• [EXERCISE DESCRIPTION] Below are entries; work out how many of their lines hold "with", giving only that number.

################

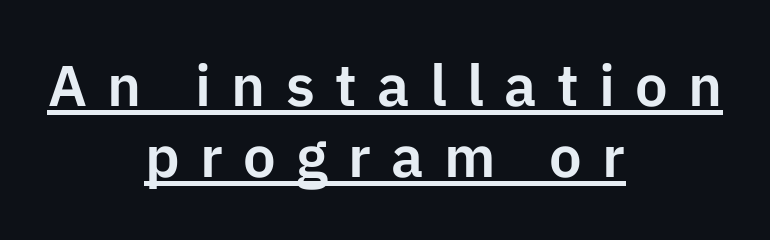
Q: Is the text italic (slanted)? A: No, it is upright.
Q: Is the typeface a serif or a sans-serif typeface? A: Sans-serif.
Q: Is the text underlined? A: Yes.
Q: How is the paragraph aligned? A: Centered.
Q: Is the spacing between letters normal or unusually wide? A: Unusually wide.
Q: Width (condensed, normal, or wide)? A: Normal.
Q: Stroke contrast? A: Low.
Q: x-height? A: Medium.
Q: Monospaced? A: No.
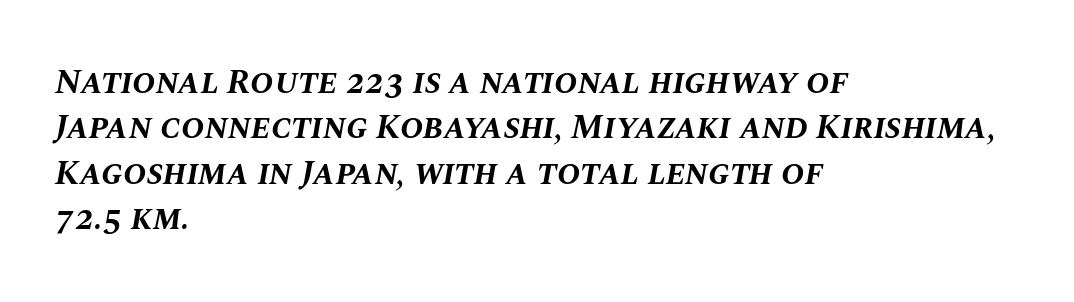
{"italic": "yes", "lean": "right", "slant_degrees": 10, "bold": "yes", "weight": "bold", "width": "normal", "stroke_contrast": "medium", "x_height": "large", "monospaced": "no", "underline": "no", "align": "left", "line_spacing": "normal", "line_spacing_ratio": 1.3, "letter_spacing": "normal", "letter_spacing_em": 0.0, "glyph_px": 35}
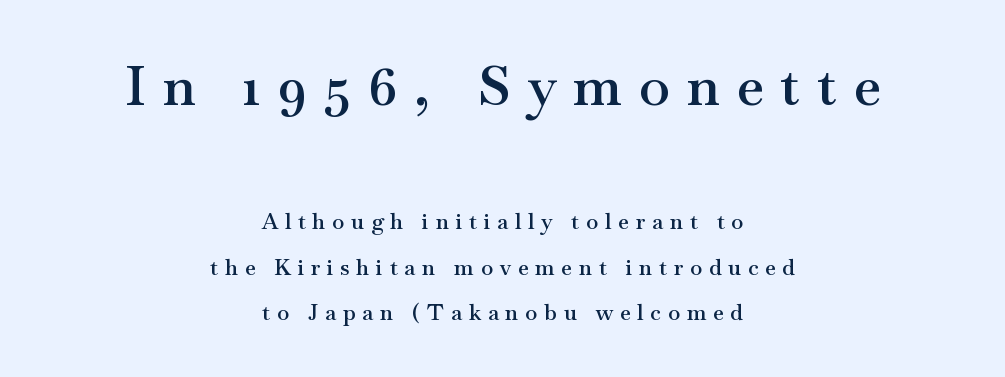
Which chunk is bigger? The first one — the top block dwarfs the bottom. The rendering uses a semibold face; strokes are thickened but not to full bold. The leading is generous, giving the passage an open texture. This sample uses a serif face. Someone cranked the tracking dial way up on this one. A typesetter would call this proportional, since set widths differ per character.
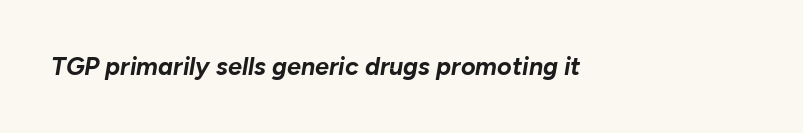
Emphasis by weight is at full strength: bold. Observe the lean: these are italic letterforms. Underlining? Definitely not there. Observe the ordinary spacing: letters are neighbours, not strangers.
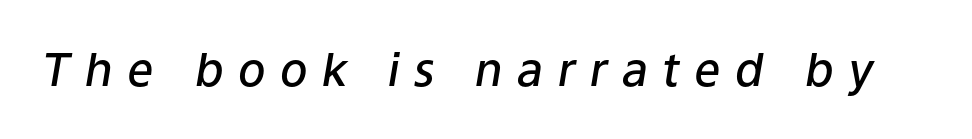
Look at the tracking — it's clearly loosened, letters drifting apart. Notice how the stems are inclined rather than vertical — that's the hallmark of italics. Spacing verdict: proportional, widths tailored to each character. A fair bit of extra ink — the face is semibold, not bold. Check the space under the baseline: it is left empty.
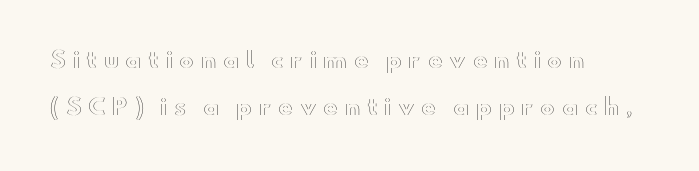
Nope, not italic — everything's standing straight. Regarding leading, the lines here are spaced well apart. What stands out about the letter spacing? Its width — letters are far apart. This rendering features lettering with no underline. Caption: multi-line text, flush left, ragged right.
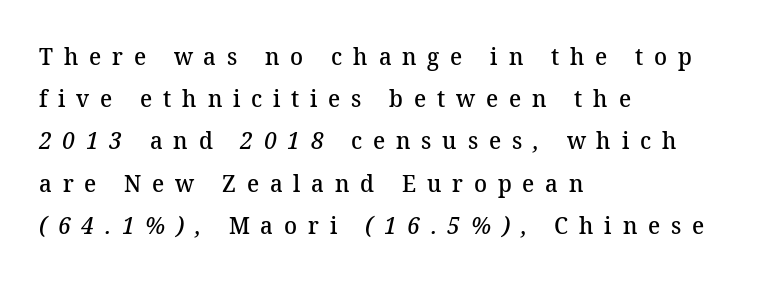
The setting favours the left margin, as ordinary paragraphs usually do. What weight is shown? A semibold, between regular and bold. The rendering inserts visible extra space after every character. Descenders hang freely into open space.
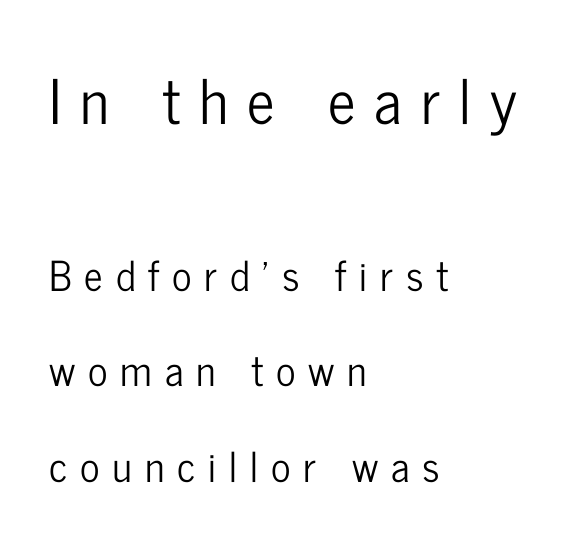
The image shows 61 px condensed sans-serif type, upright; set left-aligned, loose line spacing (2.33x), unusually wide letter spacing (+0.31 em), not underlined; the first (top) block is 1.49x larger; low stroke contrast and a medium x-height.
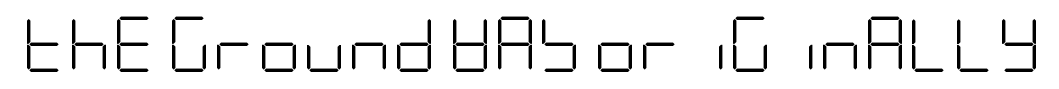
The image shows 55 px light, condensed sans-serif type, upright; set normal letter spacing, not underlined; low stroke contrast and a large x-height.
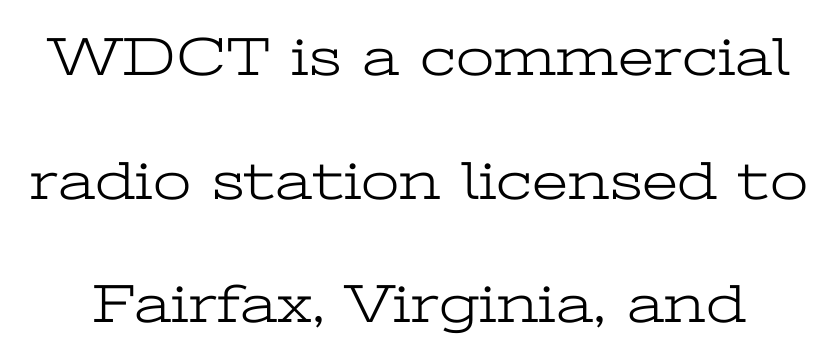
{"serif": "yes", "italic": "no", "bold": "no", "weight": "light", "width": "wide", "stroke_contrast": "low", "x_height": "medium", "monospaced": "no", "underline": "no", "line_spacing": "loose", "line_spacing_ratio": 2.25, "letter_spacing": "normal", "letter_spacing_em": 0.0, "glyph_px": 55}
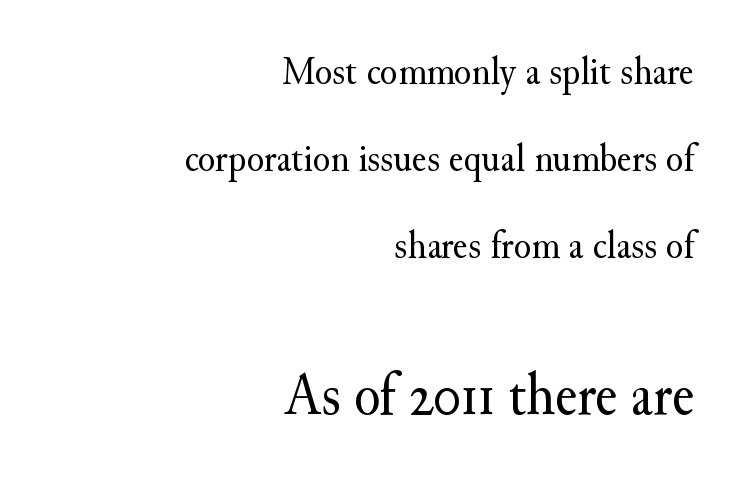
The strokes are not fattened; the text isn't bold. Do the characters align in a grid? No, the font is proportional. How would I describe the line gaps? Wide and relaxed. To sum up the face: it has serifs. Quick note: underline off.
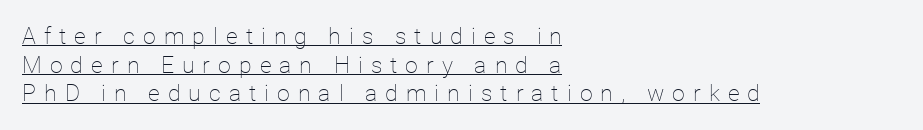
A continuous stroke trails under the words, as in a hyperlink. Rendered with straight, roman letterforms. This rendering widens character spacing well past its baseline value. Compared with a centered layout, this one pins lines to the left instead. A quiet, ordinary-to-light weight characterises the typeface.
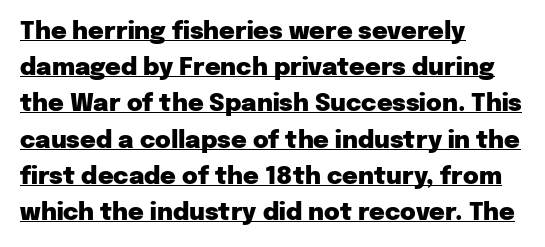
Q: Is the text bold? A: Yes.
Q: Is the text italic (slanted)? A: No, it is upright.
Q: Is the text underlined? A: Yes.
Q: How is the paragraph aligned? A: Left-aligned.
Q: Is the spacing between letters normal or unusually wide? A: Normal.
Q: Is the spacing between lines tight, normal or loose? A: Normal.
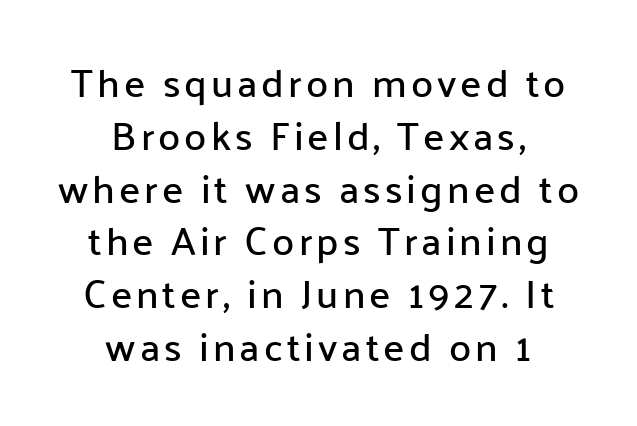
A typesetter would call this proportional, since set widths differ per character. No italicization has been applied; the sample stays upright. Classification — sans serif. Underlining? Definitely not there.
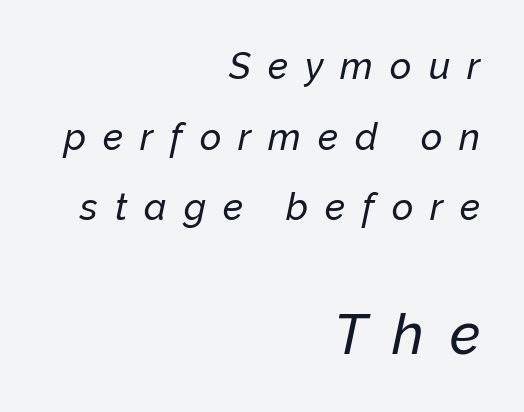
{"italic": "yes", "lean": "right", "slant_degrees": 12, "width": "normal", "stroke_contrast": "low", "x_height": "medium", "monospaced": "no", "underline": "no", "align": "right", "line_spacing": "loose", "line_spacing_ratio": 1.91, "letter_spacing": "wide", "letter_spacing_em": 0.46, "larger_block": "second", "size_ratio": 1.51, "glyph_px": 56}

################

• [REPLY TO THE EXERCISE] 2